Higher concentrations of cDPP3 were associated with more pronounced cardiovascular dysfunction, such as need for vasopressor therapy. Of interest, recent pre-clinical studies showed that the modulation of cDPP3 by specific antibodies may improve hemodynamic [3]. This implies that, apart from being a biomarker of cell damage, cDPP3 may exert functional properties and that treatment with an antibody may be beneficial in patients with elevated cDPP3 levels. Future studies should explore whether those novel therapies might improve organ function and survival in septic patients with high cDPP3.

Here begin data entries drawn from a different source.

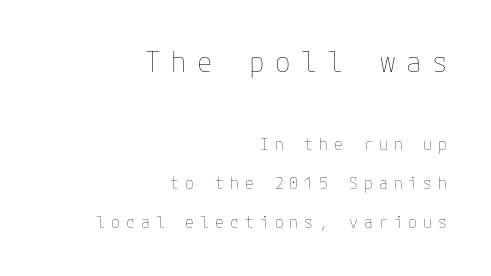
Italic: no, the glyphs are upright roman. Look at the glyph heights: the upper group is clearly the bigger setting. Inter-character spacing is expanded well beyond the font's built-in metrics. The rag falls on the left side of this text block. Underline: absent.
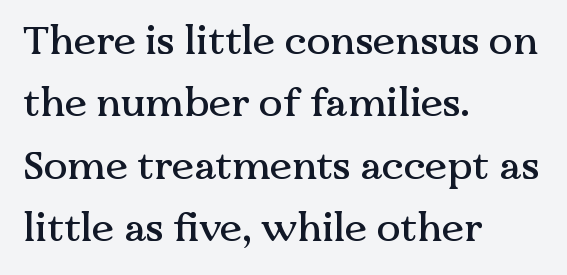
The passage is arranged the way most books set body copy — flush left. The typeface chosen for these lines features serifs. Vertical spacing — default. The lettering stays uniformly vertical, giving the passage a roman look.
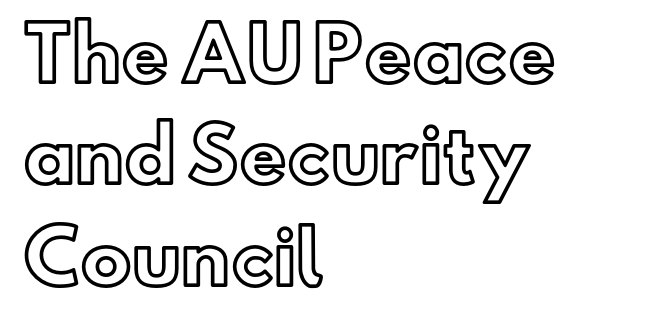
{"italic": "no", "width": "normal", "x_height": "small", "monospaced": "no", "underline": "no", "align": "left", "line_spacing": "normal", "line_spacing_ratio": 1.39, "letter_spacing": "normal", "letter_spacing_em": 0.0, "glyph_px": 73}
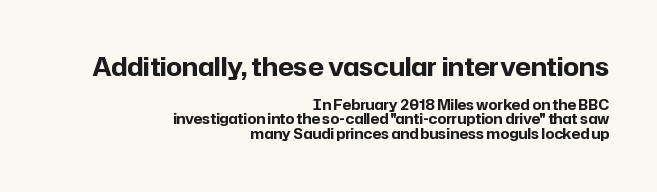
{"italic": "no", "bold": "yes", "underline": "no", "align": "right", "line_spacing": "tight", "line_spacing_ratio": 1.03, "letter_spacing": "normal", "letter_spacing_em": 0.0, "larger_block": "first", "size_ratio": 1.79, "glyph_px": 25}
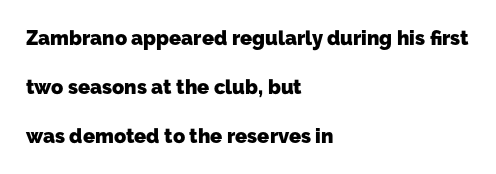
{"bold": "yes", "underline": "no", "align": "left", "line_spacing": "loose", "line_spacing_ratio": 2.44, "letter_spacing": "normal", "letter_spacing_em": 0.0, "glyph_px": 20}
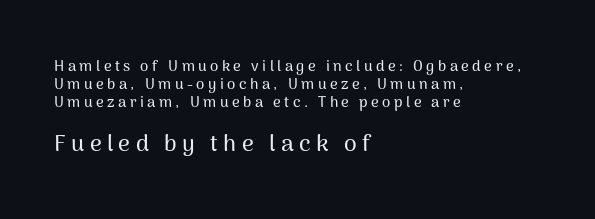
{"italic": "no", "underline": "no", "align": "left", "line_spacing_ratio": 1.2, "letter_spacing": "wide", "letter_spacing_em": 0.23, "larger_block": "second", "size_ratio": 1.53, "glyph_px": 23}
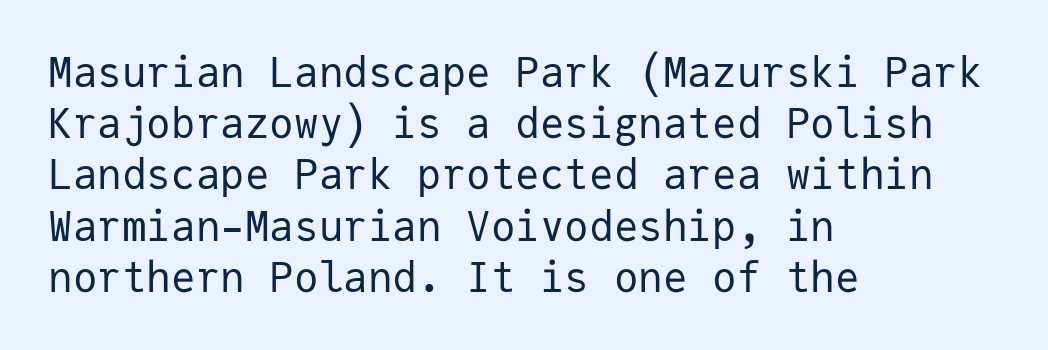
The image shows 41 px regular-weight sans-serif type, upright, monospaced; set left-aligned, normal line spacing (1.25x), normal letter spacing, not underlined; low stroke contrast and a medium x-height.
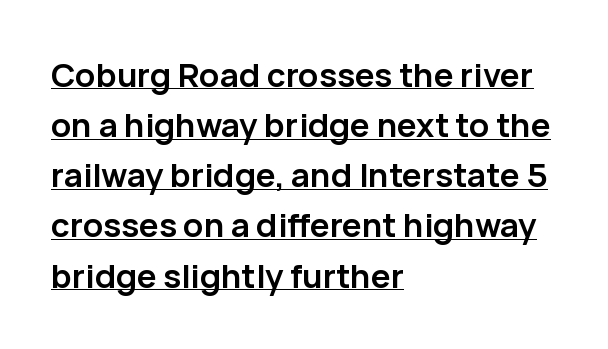
Q: Is the text bold? A: Yes.
Q: Is the text italic (slanted)? A: No, it is upright.
Q: Is the typeface a serif or a sans-serif typeface? A: Sans-serif.
Q: Is the text underlined? A: Yes.
Q: How is the paragraph aligned? A: Left-aligned.
Q: Is the spacing between letters normal or unusually wide? A: Normal.
Q: Is the spacing between lines tight, normal or loose? A: Normal.
Q: Width (condensed, normal, or wide)? A: Normal.
Q: Stroke contrast? A: Low.
Q: x-height? A: Medium.
Q: Monospaced? A: No.
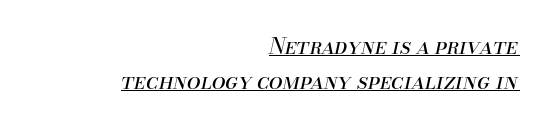
Q: Is the text bold? A: No.
Q: Is the text italic (slanted)? A: Yes, it leans right by about 13 degrees.
Q: Is the text underlined? A: Yes.
Q: How is the paragraph aligned? A: Right-aligned.
Q: Is the spacing between letters normal or unusually wide? A: Normal.
Q: Is the spacing between lines tight, normal or loose? A: Normal.
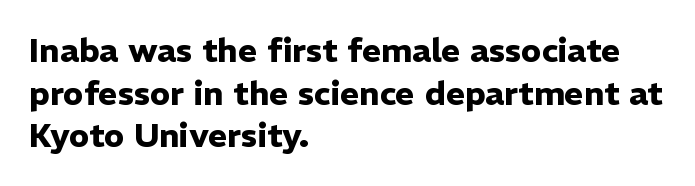
Q: Is the text bold? A: Yes.
Q: Is the text italic (slanted)? A: No, it is upright.
Q: Is the typeface a serif or a sans-serif typeface? A: Sans-serif.
Q: Is the text underlined? A: No.
Q: How is the paragraph aligned? A: Left-aligned.
Q: Is the spacing between letters normal or unusually wide? A: Normal.
Q: Is the spacing between lines tight, normal or loose? A: Normal.
Q: Width (condensed, normal, or wide)? A: Normal.
Q: Stroke contrast? A: Low.
Q: x-height? A: Medium.
Q: Monospaced? A: No.
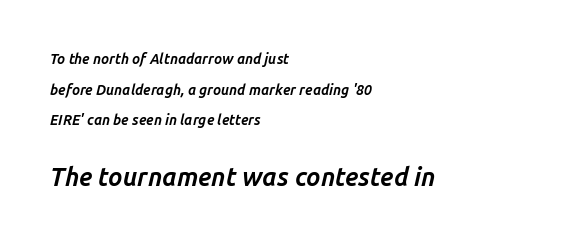
Notice the wide empty band between every row — that's loose leading. Is the letter spacing exaggerated? No — it looks like the ordinary default. These two chunks differ in scale, with the bottom chunk taking the larger measure. A full-strength bold gives these letters their thick strokes. The area under the type is left untouched.
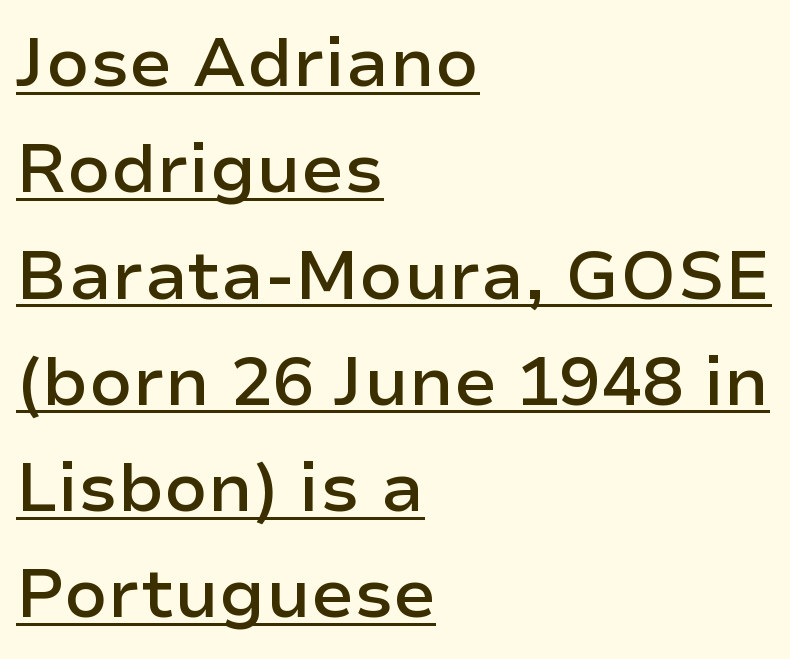
The lettering holds an erect, upright posture throughout. Notice how the passage keeps a crisp vertical edge on the left only. The rendering shows plain stroke endings on the letterforms — a sans-serif design. The rendered words wear a rule along their underside. Letter spacing: default. These lines are rendered in a variable-pitch font.
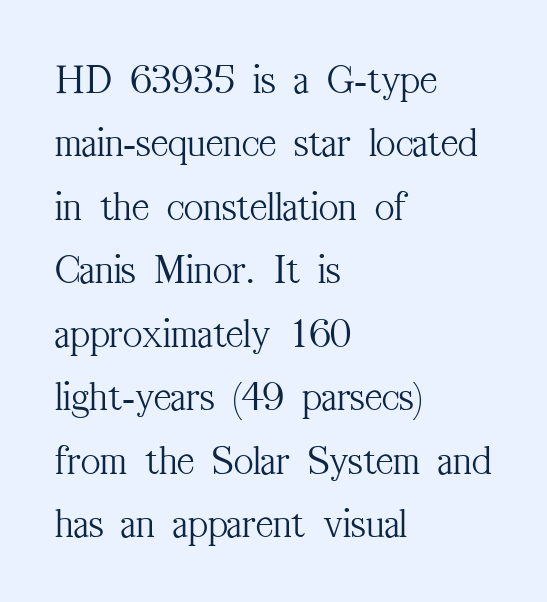
{"serif": "yes", "italic": "no", "bold": "no", "weight": "light", "width": "condensed", "stroke_contrast": "medium", "x_height": "medium", "monospaced": "no", "underline": "no", "align": "left", "line_spacing": "normal", "line_spacing_ratio": 1.51, "letter_spacing": "normal", "letter_spacing_em": 0.0, "glyph_px": 42}
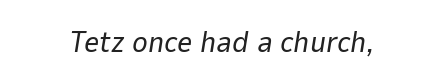
The image shows 30 px regular-weight type, italic (leaning right); set normal letter spacing, not underlined; low stroke contrast and a medium x-height.
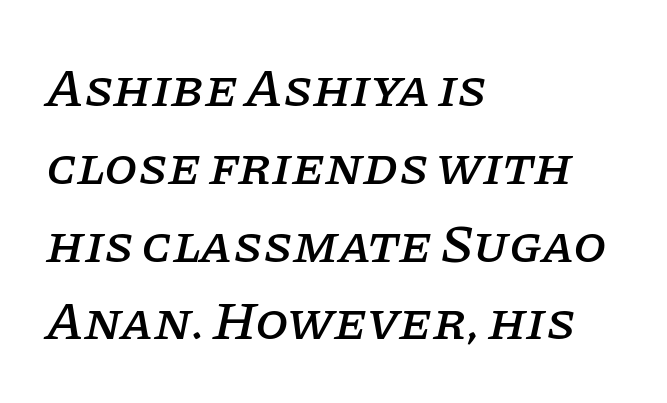
Notice how the passage keeps a crisp vertical edge on the left only. The letterforms sit shoulder to shoulder at normal distance. Spacing verdict: proportional, widths tailored to each character. The baseline area is clear.
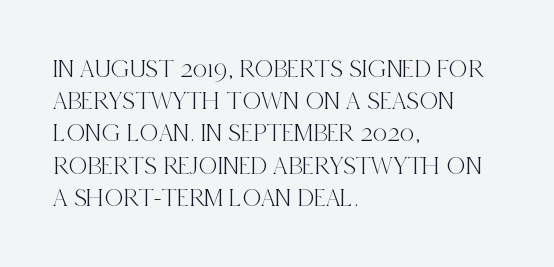
You could call the tracking neutral — neither tight nor loose. Posture: upright roman. Which margin do the lines hug? The left one — the right edge is uneven. Decoration check: the copy has no underline.
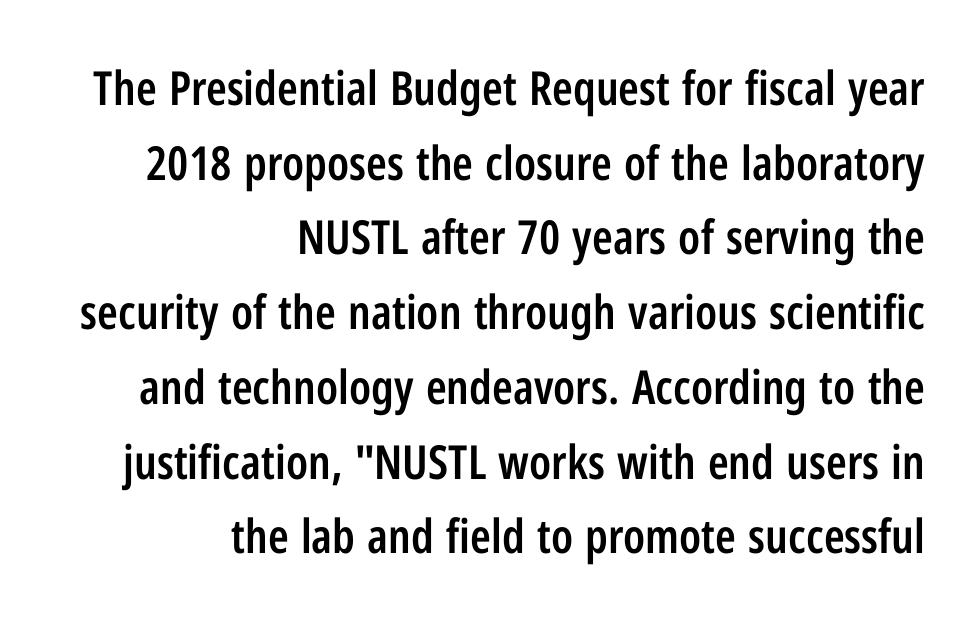
How heavy is the stroke? Medium-heavy — a semibold, shy of bold. The tracking reads as untouched default to a designer's eye. This is the regular roman posture of the typeface. Is there much room between lines? A standard amount, neither cramped nor airy. Alignment: flush right.

Limitations of our study include its observational nature. The prognosis value of DPP3 as a biomarker will need to be confirmed in further studies. AdrenOSS-1 study was designed before the sepsis-3 definition. Therefore, the definition of severe sepsis and septic shock in AdrenOSS-1 was based on the “sepsis-2” definition [9]. It is, however, likely that cDPP3 plasma levels could have demonstrated similar prognostic properties in septic patients included with the sepsis-3 definition [11], especially as we show that cDPP3 has additional predictive properties over lactate. Furthermore, our data did not record parameters of myocardial function. We are, therefore, unable to link detrimental prognostic properties of cDPP3 to negative effects on heart contraction, as demonstrated in animals [3]. While we did show that higher cDDP3 concentrations are associated with greater need for hemodynamic support, further studies are clearly needed to fully clarify the impact of cDPP3 on cardiac contractility. In addition, our data did not record the indication for renal replacement therapy (RRT), neither the etiologies of AKI. Strengths of this study include its international conduct, indicating that the observed associations are generalizable and its considerable sample size, strengthening the point estimates of our findings.

Conclusion

In this ancillary analysis of AdrenOSS-1, we showed a strong association between high levels of cDPP3 in plasma upon ICU admission and clinical outcome, both short and mid-term. More importantly, normalization of cDPP3 levels in the first days after ICU admission was associated with marked improvement of total SOFA score and with lower 28-day mortality suggesting the need for cDDP3 monitoring during hospitalization. Combined with preclinical data demonstrating beneficial effects of DPP3 inhibition, these results warrant further investigation of the therapeutic potential to modulate the cDPP3 pathway in septic shock patients.